Yani bu katliam ortamı göz göre göre geldi?

Nuriye Gülmen: ‘Volkan Bayar aşağılık bir katil’ deyip işin içinden sıyrılmak çok kolay. Ama mesele bu kadar basit değil. Siz, her türlü muhbirlik faaliyetini yayarsanız, insanları itirafçılığa teşvik ederseniz, ki Cumhurbaşkanı bunu bizzat kendisi yaptı, bu sonuçların oluşması son derece doğal. Dolayısıyla bu ölümlerden iktidarın kendisi sorumlu. Eskişehir Osmangazi Üniversitesi Rektörü Hasan Gönen ve muhbirlik faaliyetini yayan, yapan tüm idareciler sorumlu. İnsanların birbirini ihbar ettiği bir çalışma ortamında ne bilim yapılabilir ne de eğitim verilebilir. Orada kokuşma ve ahlaki çürüme vardır.

Siz de aslında bunlar olmasın diye de direnmiştiniz…

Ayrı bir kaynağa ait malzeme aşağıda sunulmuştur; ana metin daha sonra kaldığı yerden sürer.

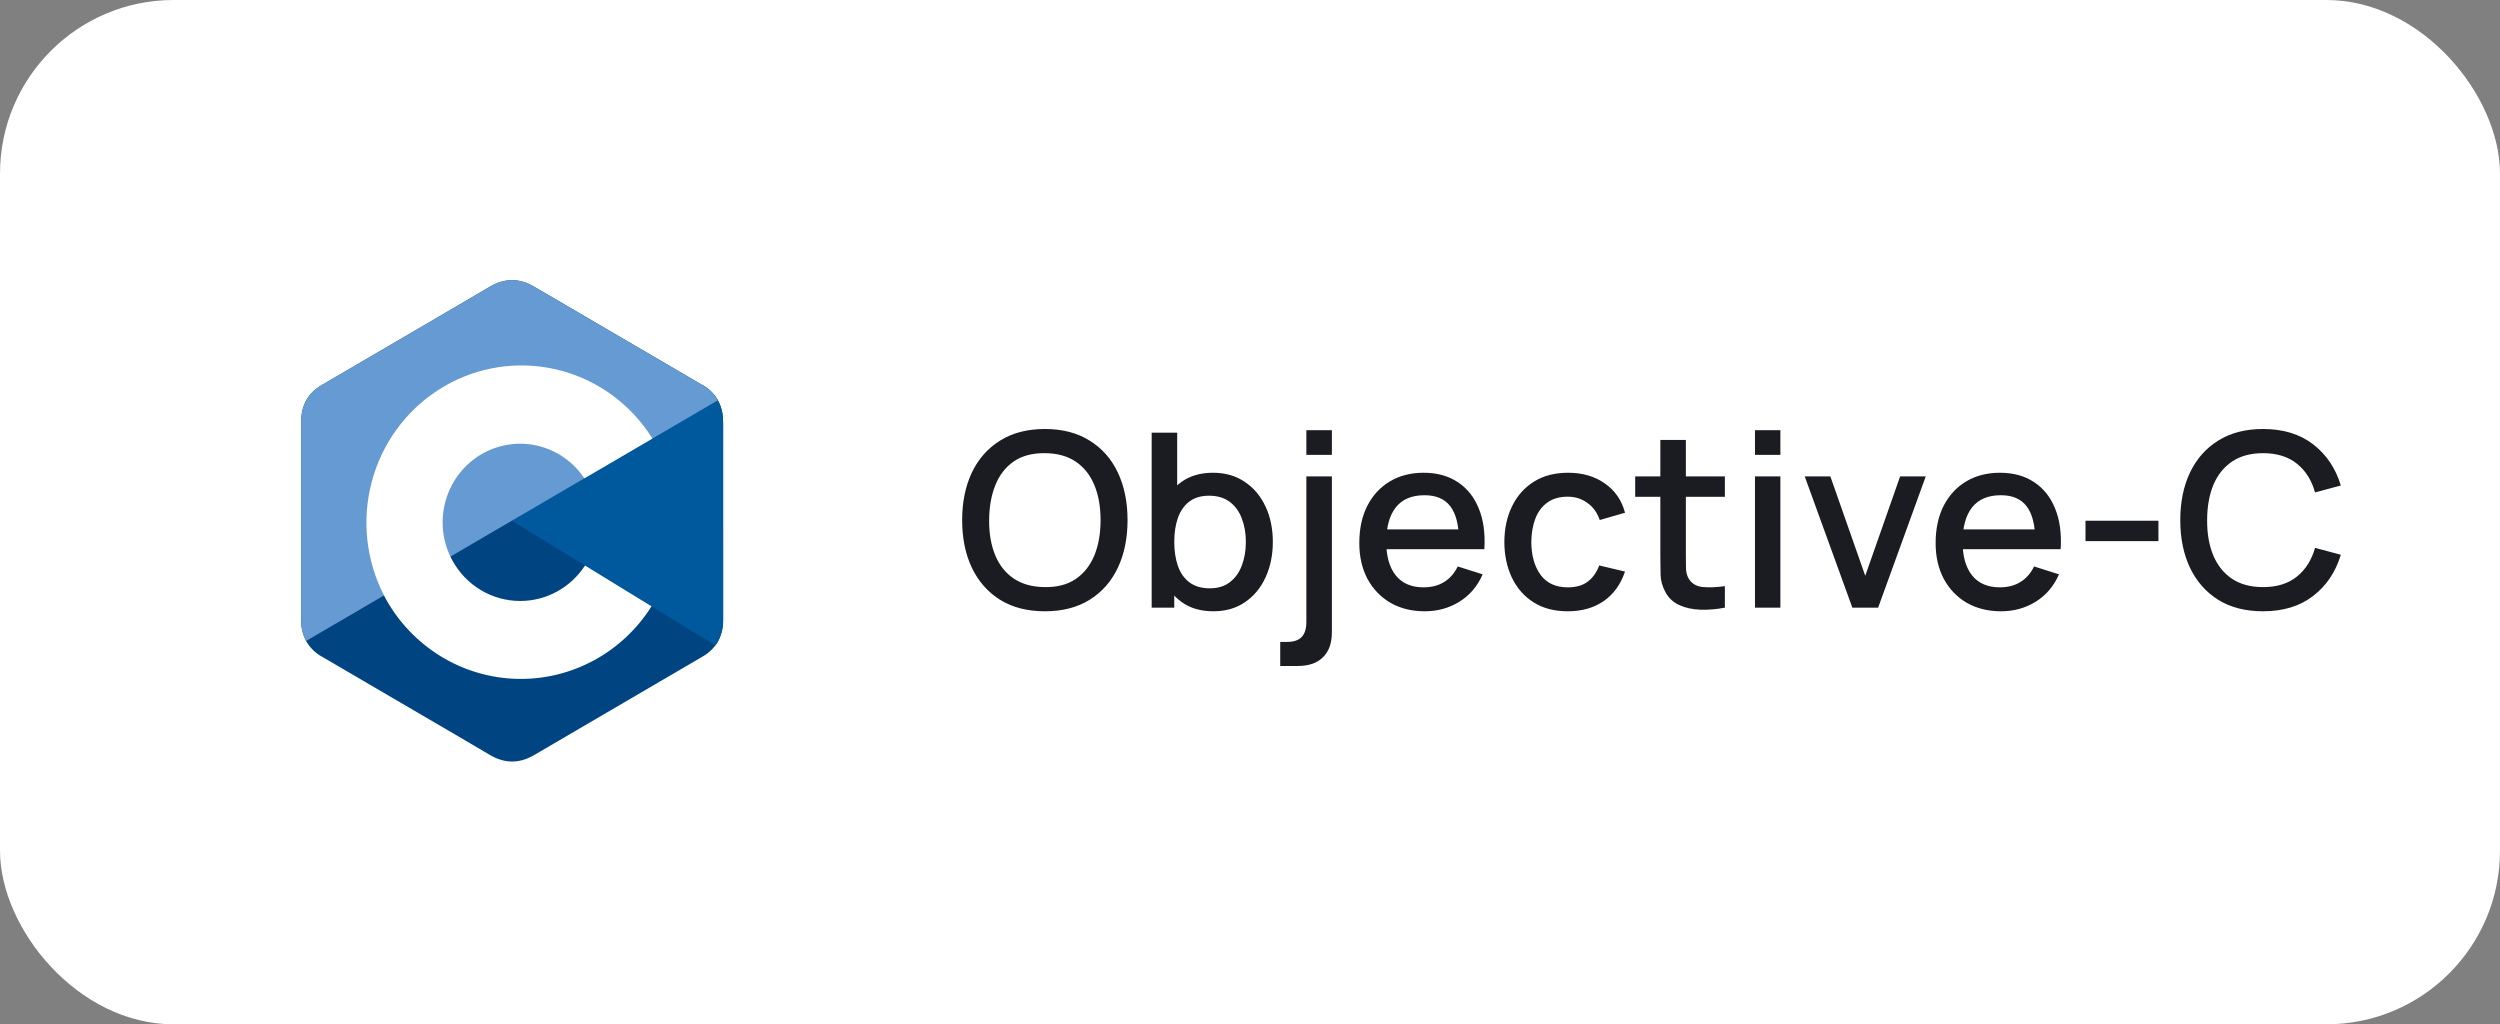 <svg width="144" height="59" viewBox="0 0 144 59" fill="none" xmlns="http://www.w3.org/2000/svg">
<rect x="0" y="0" width="144" height="59" fill="#808080" stroke="none"/>
<rect width="144" height="59" rx="10" fill="white"/>
<path d="M41.647 24.288C41.656 23.858 41.554 23.433 41.351 23.055C41.14 22.691 40.836 22.39 40.471 22.186C37.236 20.291 34 18.399 30.762 16.51C29.89 15.999 29.046 16.017 28.179 16.536C26.892 17.304 20.444 21.055 18.523 22.185C17.732 22.65 17.347 23.361 17.347 24.287V35.713C17.339 36.134 17.437 36.55 17.632 36.921C17.843 37.297 18.152 37.606 18.526 37.814C20.448 38.948 26.896 42.694 28.184 43.465C29.05 43.984 29.895 44.002 30.768 43.491C34.002 41.596 37.239 39.703 40.477 37.813C40.85 37.605 41.16 37.296 41.371 36.92C41.566 36.548 41.664 36.132 41.656 35.712V24.288H41.647Z" fill="#004482"/>
<path d="M41.649 35.713C41.657 36.134 41.559 36.55 41.364 36.922C41.316 37.01 41.262 37.095 41.202 37.176L29.497 30L40.471 22.186C40.835 22.391 41.139 22.691 41.349 23.056C41.553 23.433 41.656 23.858 41.647 24.288C41.649 28.097 41.649 35.713 41.649 35.713Z" fill="#00599C"/>
<path d="M41.349 23.056L17.628 36.921C17.434 36.55 17.337 36.135 17.346 35.714V24.287C17.346 23.362 17.731 22.65 18.521 22.185C20.444 21.055 26.892 17.304 28.18 16.534C29.044 16.015 29.89 15.997 30.762 16.508C33.996 18.404 37.233 20.296 40.471 22.186C40.836 22.391 41.139 22.691 41.349 23.056Z" fill="#659AD2"/>
<path d="M29.966 34.616C29.167 34.617 28.383 34.4 27.695 33.989C27.007 33.578 26.44 32.986 26.054 32.277C26.015 32.206 25.977 32.133 25.942 32.059C25.466 31.062 25.367 29.922 25.664 28.856C25.961 27.79 26.633 26.871 27.553 26.273C28.473 25.676 29.577 25.442 30.656 25.614C31.735 25.787 32.715 26.355 33.408 27.211C33.468 27.284 33.52 27.36 33.579 27.438C33.606 27.475 33.633 27.513 33.658 27.551L37.577 25.262C37.482 25.106 37.382 24.955 37.278 24.808C37.223 24.73 37.166 24.655 37.112 24.581C35.75 22.786 33.774 21.574 31.574 21.184C29.374 20.794 27.109 21.254 25.227 22.474C23.345 23.694 21.982 25.585 21.407 27.773C20.832 29.962 21.086 32.29 22.12 34.298C22.158 34.371 22.197 34.442 22.232 34.514C22.991 35.872 24.084 37.009 25.404 37.813C26.724 38.617 28.226 39.061 29.766 39.102C31.305 39.144 32.828 38.78 34.188 38.048C35.549 37.316 36.699 36.24 37.528 34.924L33.696 32.574C33.29 33.202 32.736 33.717 32.085 34.073C31.434 34.43 30.706 34.616 29.966 34.616Z" fill="white"/>
<path d="M60.187 35.21C59.179 35.21 58.32 34.991 57.611 34.552C56.902 34.109 56.358 33.493 55.98 32.704C55.607 31.915 55.42 31.001 55.42 29.96C55.42 28.919 55.607 28.005 55.98 27.216C56.358 26.427 56.902 25.814 57.611 25.375C58.32 24.932 59.179 24.71 60.187 24.71C61.19 24.71 62.047 24.932 62.756 25.375C63.47 25.814 64.014 26.427 64.387 27.216C64.76 28.005 64.947 28.919 64.947 29.96C64.947 31.001 64.76 31.915 64.387 32.704C64.014 33.493 63.47 34.109 62.756 34.552C62.047 34.991 61.19 35.21 60.187 35.21ZM60.187 33.817C60.901 33.826 61.494 33.67 61.965 33.348C62.441 33.021 62.798 32.569 63.036 31.99C63.274 31.407 63.393 30.73 63.393 29.96C63.393 29.19 63.274 28.518 63.036 27.944C62.798 27.365 62.441 26.915 61.965 26.593C61.494 26.271 60.901 26.108 60.187 26.103C59.473 26.094 58.878 26.25 58.402 26.572C57.931 26.894 57.576 27.347 57.338 27.93C57.1 28.513 56.979 29.19 56.974 29.96C56.969 30.73 57.086 31.404 57.324 31.983C57.562 32.557 57.919 33.005 58.395 33.327C58.876 33.649 59.473 33.812 60.187 33.817ZM69.892 35.21C69.169 35.21 68.562 35.035 68.072 34.685C67.582 34.33 67.211 33.852 66.959 33.25C66.707 32.648 66.581 31.969 66.581 31.213C66.581 30.457 66.705 29.778 66.952 29.176C67.204 28.574 67.573 28.1 68.058 27.755C68.548 27.405 69.15 27.23 69.864 27.23C70.574 27.23 71.185 27.405 71.698 27.755C72.216 28.1 72.615 28.574 72.895 29.176C73.175 29.773 73.315 30.452 73.315 31.213C73.315 31.969 73.175 32.65 72.895 33.257C72.62 33.859 72.226 34.335 71.712 34.685C71.204 35.035 70.597 35.21 69.892 35.21ZM66.336 35V24.92H67.806V29.561H67.638V35H66.336ZM69.689 33.887C70.156 33.887 70.541 33.768 70.844 33.53C71.152 33.292 71.381 32.972 71.53 32.571C71.684 32.165 71.761 31.712 71.761 31.213C71.761 30.718 71.684 30.27 71.53 29.869C71.381 29.468 71.15 29.148 70.837 28.91C70.525 28.672 70.126 28.553 69.64 28.553C69.183 28.553 68.805 28.665 68.506 28.889C68.212 29.113 67.993 29.426 67.848 29.827C67.708 30.228 67.638 30.69 67.638 31.213C67.638 31.736 67.708 32.198 67.848 32.599C67.988 33 68.21 33.315 68.513 33.544C68.817 33.773 69.209 33.887 69.689 33.887ZM73.741 38.36V36.974H74.126C74.513 36.974 74.796 36.881 74.973 36.694C75.155 36.507 75.246 36.22 75.246 35.833V27.44H76.716V36.428C76.716 37.044 76.546 37.52 76.205 37.856C75.869 38.192 75.386 38.36 74.756 38.36H73.741ZM75.246 26.201V24.78H76.716V26.201H75.246ZM82.069 35.21C81.318 35.21 80.658 35.047 80.088 34.72C79.524 34.389 79.083 33.929 78.765 33.341C78.453 32.748 78.296 32.062 78.296 31.283C78.296 30.457 78.45 29.741 78.758 29.134C79.071 28.527 79.505 28.058 80.06 27.727C80.616 27.396 81.262 27.23 81.999 27.23C82.769 27.23 83.425 27.41 83.966 27.769C84.508 28.124 84.911 28.63 85.177 29.288C85.448 29.946 85.555 30.728 85.499 31.633H84.036V31.101C84.027 30.224 83.859 29.575 83.532 29.155C83.21 28.735 82.718 28.525 82.055 28.525C81.323 28.525 80.772 28.756 80.403 29.218C80.035 29.68 79.85 30.347 79.85 31.22C79.85 32.051 80.035 32.695 80.403 33.152C80.772 33.605 81.304 33.831 81.999 33.831C82.457 33.831 82.851 33.728 83.182 33.523C83.518 33.313 83.78 33.014 83.966 32.627L85.401 33.082C85.107 33.759 84.662 34.284 84.064 34.657C83.467 35.026 82.802 35.21 82.069 35.21ZM79.374 31.633V30.492H84.771V31.633H79.374ZM90.304 35.21C89.529 35.21 88.871 35.037 88.33 34.692C87.788 34.347 87.373 33.873 87.084 33.271C86.799 32.669 86.654 31.985 86.65 31.22C86.654 30.441 86.804 29.752 87.098 29.155C87.392 28.553 87.812 28.082 88.358 27.741C88.904 27.4 89.559 27.23 90.325 27.23C91.151 27.23 91.856 27.435 92.439 27.846C93.027 28.257 93.414 28.819 93.601 29.533L92.145 29.953C92 29.528 91.762 29.199 91.431 28.966C91.104 28.728 90.728 28.609 90.304 28.609C89.823 28.609 89.429 28.723 89.121 28.952C88.813 29.176 88.584 29.484 88.435 29.876C88.285 30.268 88.209 30.716 88.204 31.22C88.209 31.999 88.386 32.629 88.736 33.11C89.091 33.591 89.613 33.831 90.304 33.831C90.775 33.831 91.156 33.724 91.445 33.509C91.739 33.29 91.963 32.977 92.117 32.571L93.601 32.921C93.353 33.658 92.945 34.225 92.376 34.622C91.806 35.014 91.116 35.21 90.304 35.21ZM99.353 35C98.877 35.093 98.41 35.133 97.953 35.119C97.496 35.105 97.087 35.016 96.728 34.853C96.368 34.69 96.098 34.433 95.916 34.083C95.752 33.77 95.664 33.453 95.65 33.131C95.641 32.804 95.636 32.436 95.636 32.025V25.34H97.106V31.955C97.106 32.258 97.108 32.522 97.113 32.746C97.122 32.97 97.171 33.159 97.26 33.313C97.428 33.602 97.694 33.768 98.058 33.81C98.427 33.847 98.858 33.831 99.353 33.761V35ZM94.187 28.616V27.44H99.353V28.616H94.187ZM101.087 26.201V24.78H102.55V26.201H101.087ZM101.087 35V27.44H102.55V35H101.087ZM106.696 35L103.952 27.44H105.429L107.438 33.166L109.447 27.44H110.924L108.18 35H106.696ZM115.265 35.21C114.513 35.21 113.853 35.047 113.284 34.72C112.719 34.389 112.278 33.929 111.961 33.341C111.648 32.748 111.492 32.062 111.492 31.283C111.492 30.457 111.646 29.741 111.954 29.134C112.266 28.527 112.7 28.058 113.256 27.727C113.811 27.396 114.457 27.23 115.195 27.23C115.965 27.23 116.62 27.41 117.162 27.769C117.703 28.124 118.107 28.63 118.373 29.288C118.643 29.946 118.751 30.728 118.695 31.633H117.232V31.101C117.222 30.224 117.054 29.575 116.728 29.155C116.406 28.735 115.913 28.525 115.251 28.525C114.518 28.525 113.967 28.756 113.599 29.218C113.23 29.68 113.046 30.347 113.046 31.22C113.046 32.051 113.23 32.695 113.599 33.152C113.967 33.605 114.499 33.831 115.195 33.831C115.652 33.831 116.046 33.728 116.378 33.523C116.714 33.313 116.975 33.014 117.162 32.627L118.597 33.082C118.303 33.759 117.857 34.284 117.26 34.657C116.662 35.026 115.997 35.21 115.265 35.21ZM112.57 31.633V30.492H117.967V31.633H112.57ZM120.125 31.171V29.995H124.325V31.171H120.125ZM130.351 35.21C129.343 35.21 128.484 34.991 127.775 34.552C127.066 34.109 126.522 33.493 126.144 32.704C125.771 31.915 125.584 31.001 125.584 29.96C125.584 28.919 125.771 28.005 126.144 27.216C126.522 26.427 127.066 25.814 127.775 25.375C128.484 24.932 129.343 24.71 130.351 24.71C131.513 24.71 132.474 25.004 133.235 25.592C134 26.18 134.532 26.971 134.831 27.965L133.347 28.364C133.151 27.659 132.801 27.106 132.297 26.705C131.798 26.304 131.149 26.103 130.351 26.103C129.637 26.103 129.042 26.264 128.566 26.586C128.09 26.908 127.731 27.358 127.488 27.937C127.25 28.516 127.131 29.19 127.131 29.96C127.126 30.73 127.243 31.404 127.481 31.983C127.724 32.562 128.083 33.012 128.559 33.334C129.04 33.656 129.637 33.817 130.351 33.817C131.149 33.817 131.798 33.616 132.297 33.215C132.801 32.809 133.151 32.256 133.347 31.556L134.831 31.955C134.532 32.949 134 33.74 133.235 34.328C132.474 34.916 131.513 35.21 130.351 35.21Z" fill="#1A1C22"/>
</svg>

Nuriye Gülmen: Evet. Biz direnişi bir seçenek olarak değil zorunluluk olarak gördük. Bir yanıyla üniversitelerde, muhbirlik yapanlar değil, biz olmalıyız.Diğer yanı ise şu: OHAL uygulamalarına, işten atılmaya katşı direnmek aslında az önce bahsettiğim çürümenin önüne geçmek için de yaptığımız bir şey. Ne kadar çok kişi OHAL’e ve OHAL’in getirdiği uygulamalara karşı direnir ve mücadele ederse bu tarz olaylarla o kadar az karşılaşırız.

Açlık grevinize toplumdan ciddi bir destek gelmişti, iktidarın söylemleri de hâlâ hafızalarda…

Nuriye Gülmen: Hepsi yıldırma faaliyetiydi, bize destek olan insanları alıkoyma, bizi tecrit etme faaliyeti. Ama biz tutuklandıktan sonra açlık grevine devam edince halktan daha fazla destek geldi, terörist söylemleri işe yaramadı zira herkes biliyor ki onlara göre kendileri gibi düşünmeyen herkes terörist. Çok çaba sarf ettiler bizi tecrit etmek için, terörist olduğumuzu iddia eden kitapçıklar hazırladılar, adımızın söylenmesini bile yasakladılar. Ama bu yaptıkları onların acizliği idi, iki eğitimciye boyun eğdirememenin acizliği. Ve sonuç alamadılar, o sahiplenmeyi kıramadılar.